_PROBLEM REQUIREMENTS_
Please filter the data below down to the lines holding the string "would".

_LISTED ENTRIES_
◆ ◆ ◆ ◆ ◆
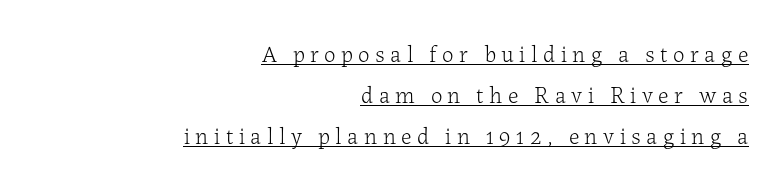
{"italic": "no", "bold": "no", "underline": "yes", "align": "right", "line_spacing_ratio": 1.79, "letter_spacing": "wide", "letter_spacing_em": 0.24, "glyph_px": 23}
◆ ◆ ◆ ◆ ◆
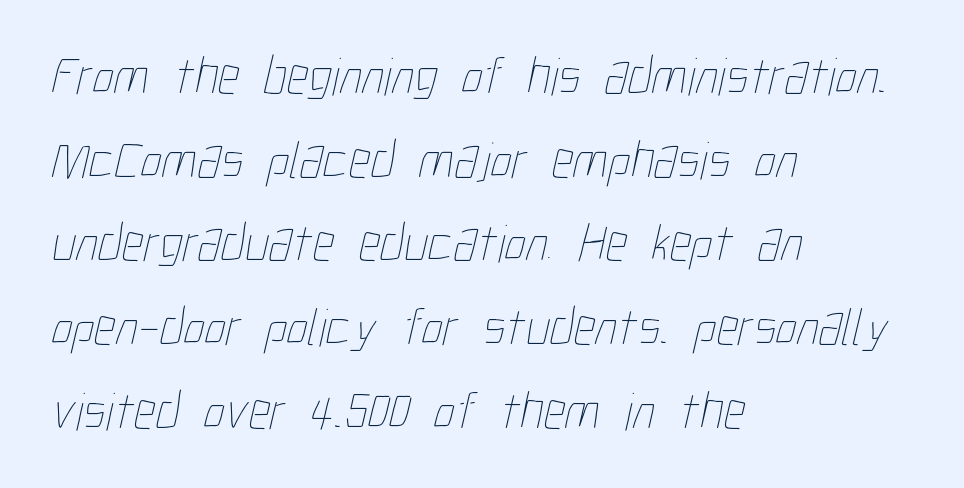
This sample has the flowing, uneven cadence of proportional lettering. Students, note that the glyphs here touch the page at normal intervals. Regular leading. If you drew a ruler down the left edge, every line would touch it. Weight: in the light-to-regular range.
◆ ◆ ◆ ◆ ◆
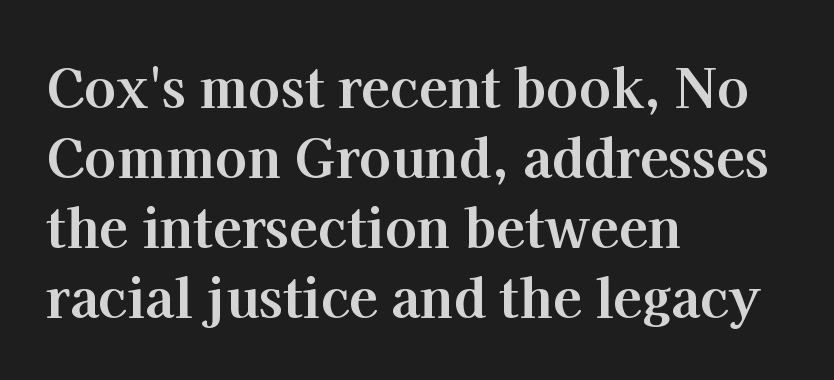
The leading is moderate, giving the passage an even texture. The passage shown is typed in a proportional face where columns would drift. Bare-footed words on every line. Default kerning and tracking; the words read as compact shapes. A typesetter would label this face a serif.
◆ ◆ ◆ ◆ ◆
_SOLUTION FOR THIS PROBLEM_
This sample has the flowing, uneven cadence of proportional lettering. Students, note that the glyphs here touch the page at normal intervals. Regular leading. If you drew a ruler down the left edge, every line would touch it. Weight: in the light-to-regular range.
The leading is moderate, giving the passage an even texture. The passage shown is typed in a proportional face where columns would drift. Bare-footed words on every line. Default kerning and tracking; the words read as compact shapes. A typesetter would label this face a serif.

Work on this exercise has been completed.